The telephones in most households, which now are leased from local telephone companies, will belong to AT&T after divestiture. AT&T may decide to continue leasing them to the customers, or may try to sell them to their customers. But this decision too has not been made.
And to obtain long distance service, consumers probably will have to make special arrangements with the long distance company of their choice, such as AT&T, or its lower-cost competitors like MCI Communications Corp. or Southern Pacific Communications Co.
But in return, consumers who choose MCI, SPCC or another AT&T competitor may find it easier to use these systems because they will no longer be required to use a 12-digit access and identification number combination before placing a call. Instead, consumers probably will have to dial a single digit or, at most, three numbers to connect into a long distance network.
AT&T's long distance competitors will have to pay more to gain this direct access to the local network, communications analysts say, and that is certain to increase their customer charges.
As a result of all these changes, "it is going to be much more difficult for consumers to find out who's in charge of what," says Edward F. Burke, chairman of the Rhode Island Public Utility Commission who is president of the National Association of Regulatory Utility Commissioners.
The Bell System breakup also will guarantee higher local telephone bills, Burke says, but not be the two- or threefold increases that were predicted when the divestiture agreement was announced Jan. 8.
The reason is that Greene had ordered several changes that will dampen increases in local rates by increasing the revenues of local operating companies that will split off from AT&T.

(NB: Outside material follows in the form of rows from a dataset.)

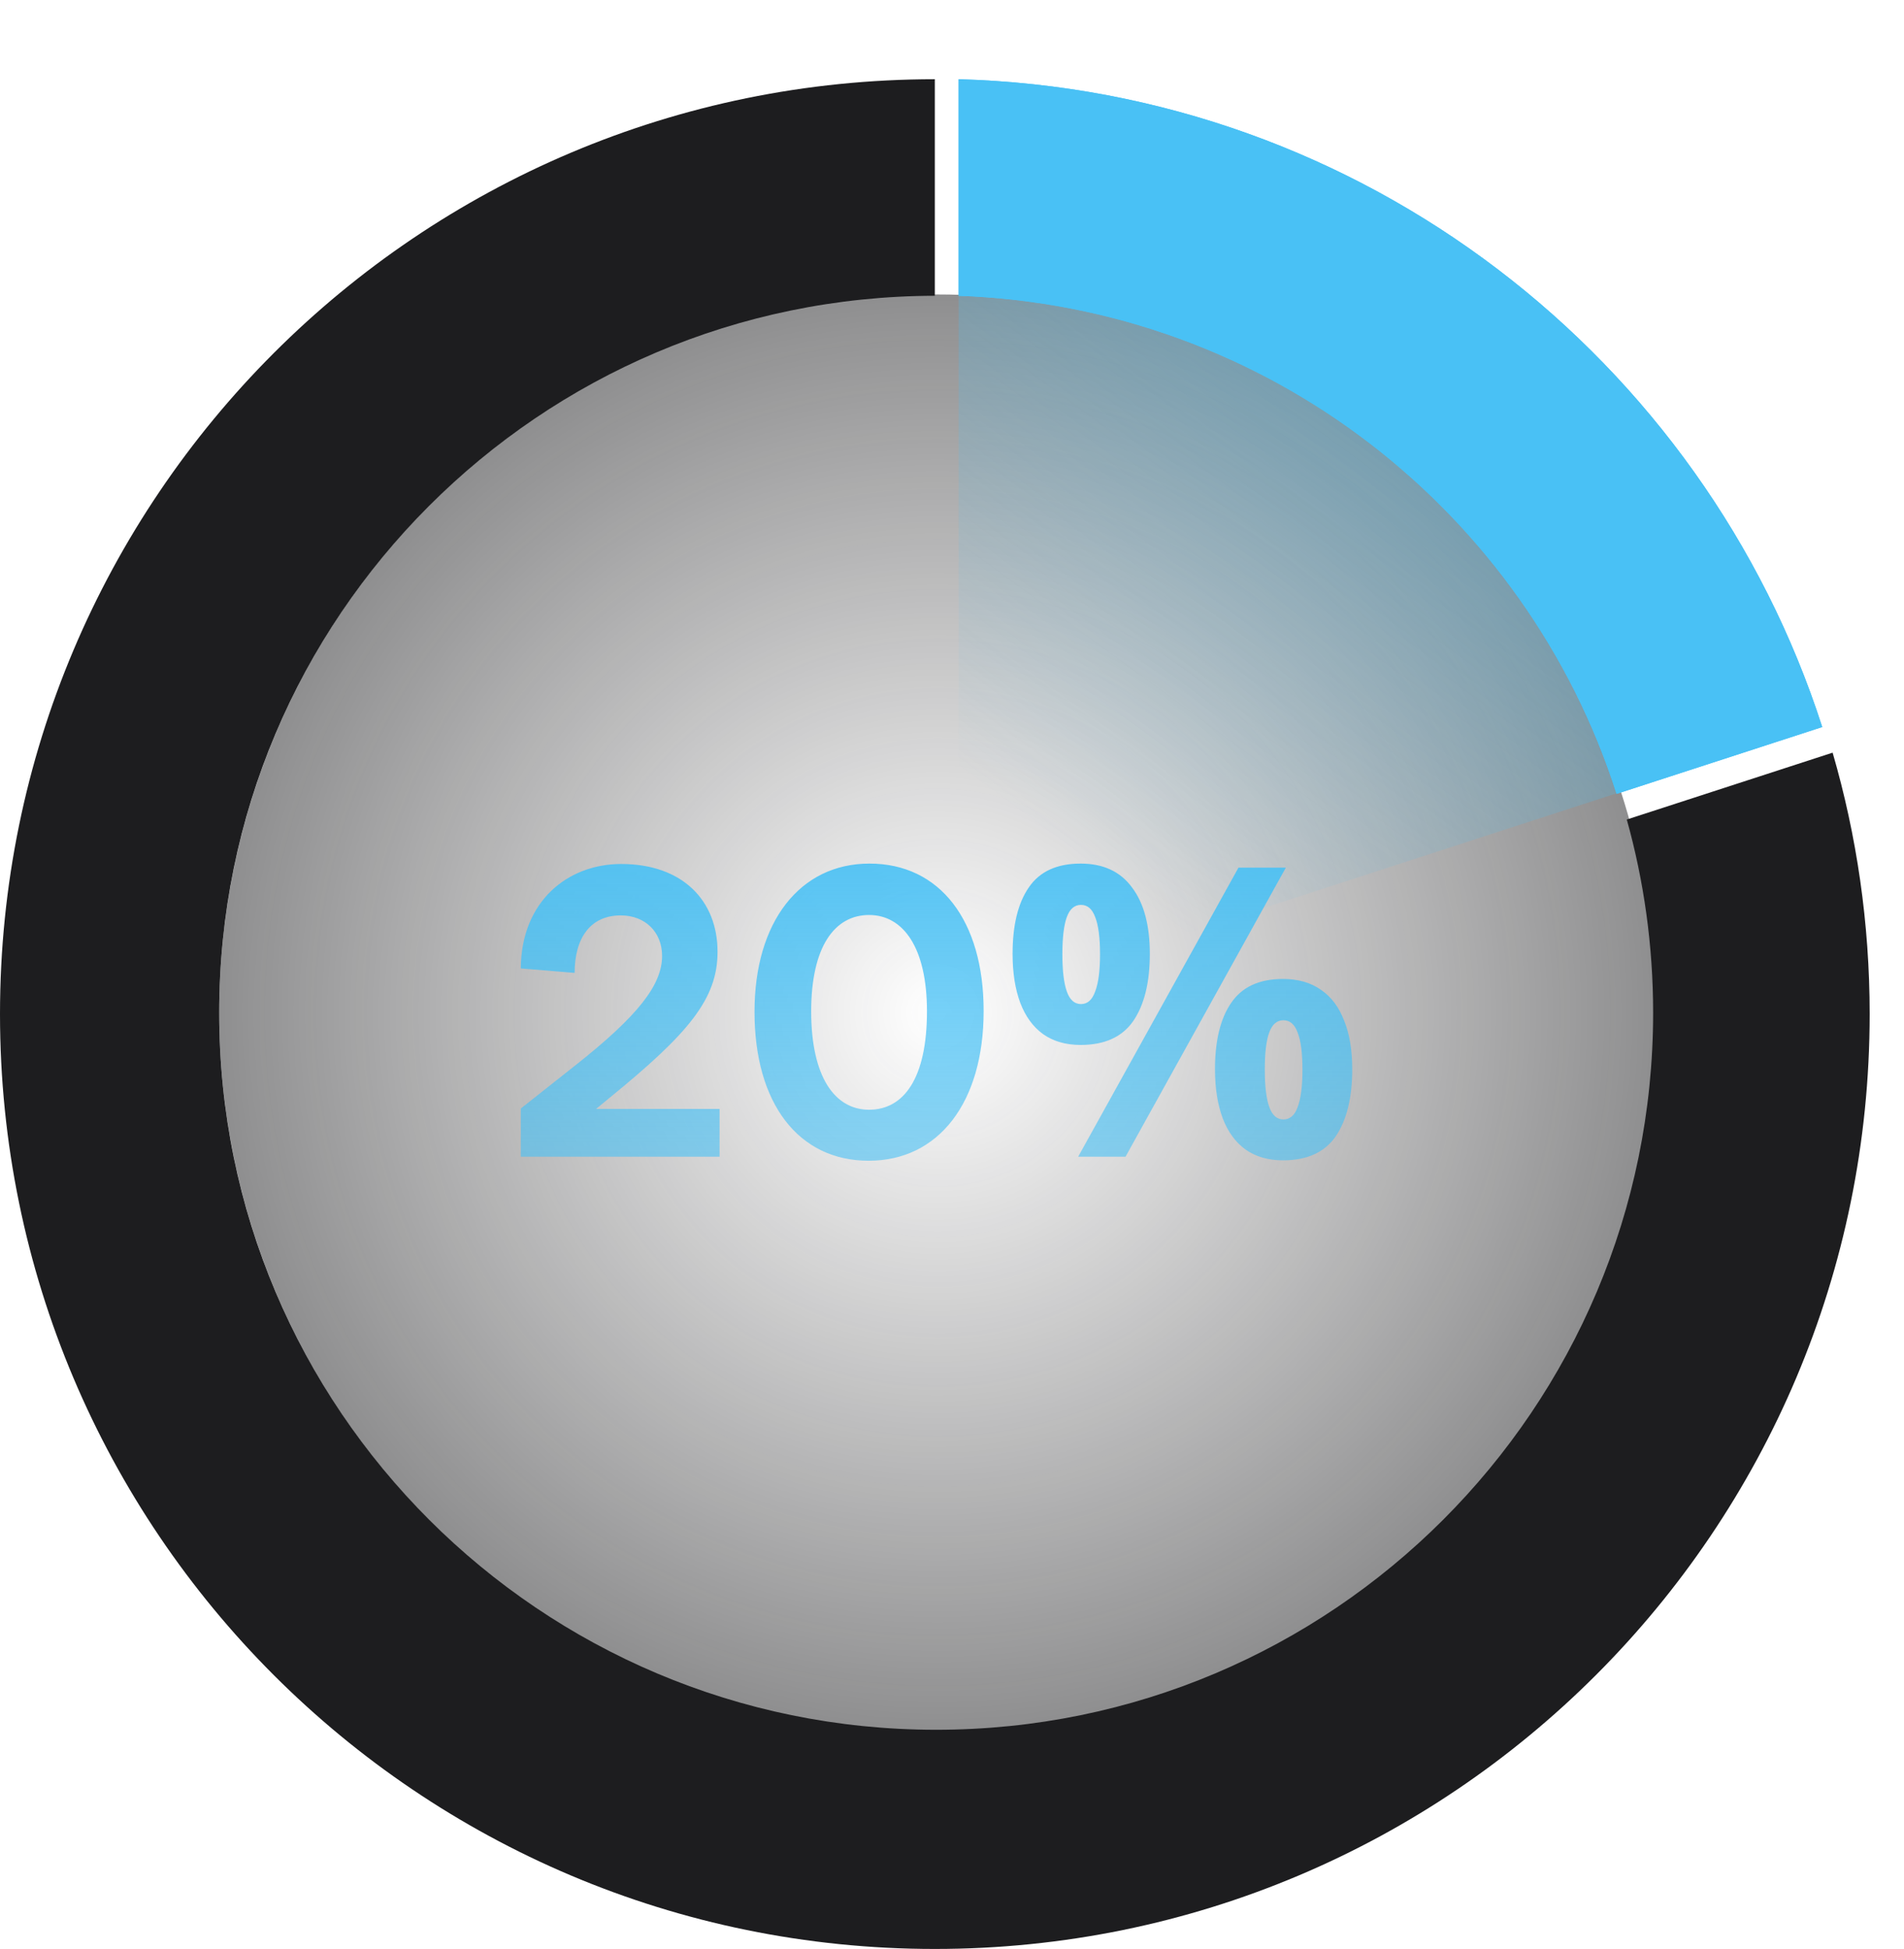 <svg width="721" height="738" viewBox="0 0 721 738" fill="none" xmlns="http://www.w3.org/2000/svg">
<circle cx="355" cy="383.5" r="272" fill="url(#paint0_radial_573_186)"/>
<path d="M354 112.001C204.285 112.271 83 233.721 83 383.5C83 533.445 204.555 655 354.5 655C504.445 655 626 533.445 626 383.5C626 358.149 622.524 333.609 616.025 310.331L693.972 285.005C703.104 316.42 708 349.638 708 384C708 579.509 549.509 738 354 738C158.491 738 0 579.509 0 384C0 188.491 158.491 30 354 30V112.001Z" fill="#1D1D1F"/>
<path d="M363 30C516.267 34.251 645.183 135.921 690.042 275.302L612.156 300.608C578.079 194.006 479.929 116.045 363 112.024V30Z" fill="#49C1F5"/>
<g filter="url(#filter0_d_573_186)">
<path d="M363 30C516.267 34.251 645.183 135.921 690.042 275.302L612.156 300.608C578.079 194.006 479.929 116.045 363 112.024V30Z" fill="#49C1F5"/>
</g>
<path d="M363 112.131C480.148 115.734 578.611 193.548 612.963 300.145L363 381.362V112.131Z" fill="url(#paint1_linear_573_186)"/>
<path d="M197.212 438V419.757L217.755 403.507C241.824 384.497 250.715 372.846 250.715 361.961C250.715 352.916 244.277 346.631 235.078 346.631C223.427 346.631 217.602 355.369 217.602 368.4L197.212 366.714C197.366 341.265 214.996 327.161 235.232 327.161C258.38 327.161 271.718 340.959 271.718 360.428C271.718 378.212 260.833 391.242 230.939 415.618L225.727 419.91H272.484V438H197.212ZM328.944 439.533C302.423 439.533 285.713 417.917 285.713 383.117C285.713 349.084 302.883 327.008 329.251 327.008C355.926 327.008 372.483 348.624 372.483 382.811C372.483 417.457 355.466 439.533 328.944 439.533ZM329.098 420.217C342.282 420.217 351.02 408.259 351.02 382.964C351.02 358.742 341.975 346.478 329.098 346.478C316.067 346.478 307.175 358.435 307.175 382.964C307.175 407.952 316.22 420.217 329.098 420.217ZM409.197 327.008C417.782 327.008 424.271 330.023 428.666 336.053C433.163 341.981 435.411 350.361 435.411 361.195C435.411 372.028 433.316 380.511 429.126 386.643C424.936 392.673 418.293 395.688 409.197 395.688C403.575 395.688 398.823 394.308 394.939 391.549C391.158 388.79 388.296 384.855 386.354 379.745C384.412 374.532 383.442 368.349 383.442 361.195C383.442 350.361 385.486 341.981 389.574 336.053C393.662 330.023 400.203 327.008 409.197 327.008ZM409.35 342.645C406.897 342.645 405.108 344.178 403.984 347.244C402.86 350.31 402.298 355.012 402.298 361.348C402.298 367.583 402.86 372.284 403.984 375.452C405.108 378.62 406.897 380.205 409.35 380.205C411.803 380.205 413.591 378.62 414.715 375.452C415.942 372.284 416.555 367.583 416.555 361.348C416.555 355.012 415.942 350.31 414.715 347.244C413.591 344.178 411.803 342.645 409.35 342.645ZM486.921 328.541L426.213 438H408.277L468.985 328.541H486.921ZM485.848 370.7C491.572 370.7 496.375 372.079 500.259 374.839C504.143 377.496 507.055 381.38 508.997 386.49C511.041 391.498 512.063 397.63 512.063 404.886C512.063 415.72 509.968 424.203 505.778 430.335C501.588 436.365 494.944 439.38 485.848 439.38C480.227 439.38 475.475 438 471.591 435.241C467.81 432.481 464.948 428.546 463.006 423.436C461.064 418.224 460.093 412.041 460.093 404.886C460.093 394.053 462.137 385.672 466.226 379.745C470.314 373.715 476.855 370.7 485.848 370.7ZM486.002 386.337C483.549 386.337 481.76 387.87 480.636 390.936C479.512 394.002 478.95 398.703 478.95 405.04C478.95 411.274 479.512 415.975 480.636 419.144C481.76 422.312 483.549 423.896 486.002 423.896C488.455 423.896 490.243 422.363 491.367 419.297C492.594 416.129 493.207 411.376 493.207 405.04C493.207 398.703 492.594 394.002 491.367 390.936C490.243 387.87 488.455 386.337 486.002 386.337Z" fill="url(#paint2_linear_573_186)"/>
<defs>
<filter id="filter0_d_573_186" x="333" y="0" width="387.043" height="330.609" filterUnits="userSpaceOnUse" color-interpolation-filters="sRGB">
<feFlood flood-opacity="0" result="BackgroundImageFix"/>
<feColorMatrix in="SourceAlpha" type="matrix" values="0 0 0 0 0 0 0 0 0 0 0 0 0 0 0 0 0 0 127 0" result="hardAlpha"/>
<feOffset/>
<feGaussianBlur stdDeviation="15"/>
<feComposite in2="hardAlpha" operator="out"/>
<feColorMatrix type="matrix" values="0 0 0 0 0.286 0 0 0 0 0.757 0 0 0 0 0.961 0 0 0 1 0"/>
<feBlend mode="normal" in2="BackgroundImageFix" result="effect1_dropShadow_573_186"/>
<feBlend mode="normal" in="SourceGraphic" in2="effect1_dropShadow_573_186" result="shape"/>
</filter>
<radialGradient id="paint0_radial_573_186" cx="0" cy="0" r="1" gradientUnits="userSpaceOnUse" gradientTransform="translate(355 383.5) rotate(90) scale(272)">
<stop stop-color="#1D1D1F" stop-opacity="0"/>
<stop offset="1" stop-color="#1D1D1F" stop-opacity="0.5"/>
</radialGradient>
<linearGradient id="paint1_linear_573_186" x1="389.5" y1="310.5" x2="544.5" y2="98.5" gradientUnits="userSpaceOnUse">
<stop stop-color="#49C1F5" stop-opacity="0"/>
<stop offset="1" stop-color="#49C1F5" stop-opacity="0.44"/>
</linearGradient>
<linearGradient id="paint2_linear_573_186" x1="354.5" y1="292" x2="354.5" y2="476" gradientUnits="userSpaceOnUse">
<stop stop-color="#49C1F5"/>
<stop offset="1" stop-color="#49C1F5" stop-opacity="0.5"/>
</linearGradient>
</defs>
</svg>

Under the final divestiture plan signed yesterday, the Bell System will be dissolved into several companies. AT&T will spin off its 22 wholly owned local telephone companies which account for about two-thirds of its assets into seven separate regional companies.
These companies, which will retain the Bell System logo, will be responsible for local service. But they will also be able to sell telephone equipment if they wish, continue the profitable yellow page service and offer the new mobile radio service that is soon to be available nationwide. These companies will not be able to provide long distance service, however. Still, they will be required to treat AT&T and all its long distance competitors on equal terms in gaining access to the local network and customers.
AT&T, the parent company, will retain not only its name, but also the most lucrative parts of the Bell System: the equipment manufacturing subsidary, Western Electric; the long distance division, and the research and development arm, Bell Telephone Laboratories.
The divestiture plan will permit this newly formed company to enter any area of business it wants to by lifting the conditions of a previous antitrust settlement that had barred AT&T from offering any unregulated, non-telephone-related service, such as data processing.
But, under orders from Greene, this company will be barred for at least seven years from entering the electronic publishing business, sending news, financial and sports data and a host of other information to consumers on their home or office video screens.
For AT&T investors, divestiture will mean a dramatic change in the steady blue chip stock they bought for guaranteed growth and steady dividends. Last year, for example, AT&T paid $5.50 in dividends for each share. Instead of holding stock in one company, investors will be given shares in eight companies -- the parent AT&T and the divested local companies which will be divided into seven regional companies.
Winston E. Himsworth, financial analyst for Lehman Brothers Kuhn Loeb, predicts that investors "may lose a little of their value in the operating company stocks, but this will more than be offset in the new opportunities present for AT&T." Yet, he notes, "There will be greater risks with AT&T stock. But along with the risks, there will also be greater potential for return."